Problem description
Omit every picture, then give all the entries again exactly.

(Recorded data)
=-=-=

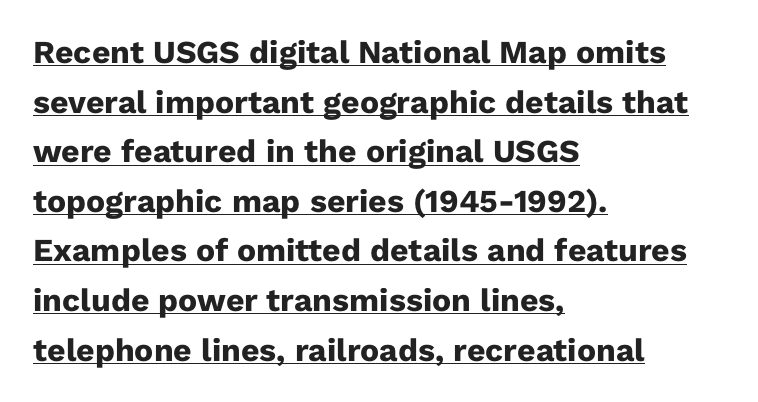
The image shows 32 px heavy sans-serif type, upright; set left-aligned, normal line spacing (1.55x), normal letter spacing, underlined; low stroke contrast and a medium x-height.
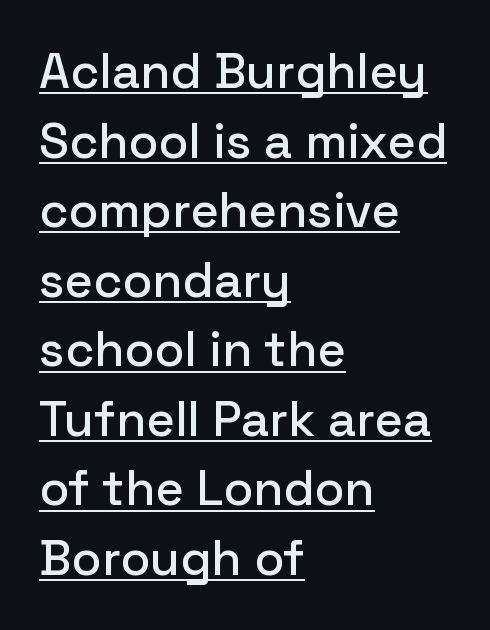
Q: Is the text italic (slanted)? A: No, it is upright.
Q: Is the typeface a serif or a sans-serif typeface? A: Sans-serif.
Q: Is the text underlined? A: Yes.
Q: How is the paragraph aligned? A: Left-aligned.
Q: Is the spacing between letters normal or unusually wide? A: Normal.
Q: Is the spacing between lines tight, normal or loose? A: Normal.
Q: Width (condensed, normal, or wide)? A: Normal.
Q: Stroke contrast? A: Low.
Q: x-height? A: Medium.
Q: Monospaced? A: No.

=-=-=

The answer
The image shows 32 px heavy sans-serif type, upright; set left-aligned, normal line spacing (1.55x), normal letter spacing, underlined; low stroke contrast and a medium x-height.
Q: Is the text italic (slanted)? A: No, it is upright.
Q: Is the typeface a serif or a sans-serif typeface? A: Sans-serif.
Q: Is the text underlined? A: Yes.
Q: How is the paragraph aligned? A: Left-aligned.
Q: Is the spacing between letters normal or unusually wide? A: Normal.
Q: Is the spacing between lines tight, normal or loose? A: Normal.
Q: Width (condensed, normal, or wide)? A: Normal.
Q: Stroke contrast? A: Low.
Q: x-height? A: Medium.
Q: Monospaced? A: No.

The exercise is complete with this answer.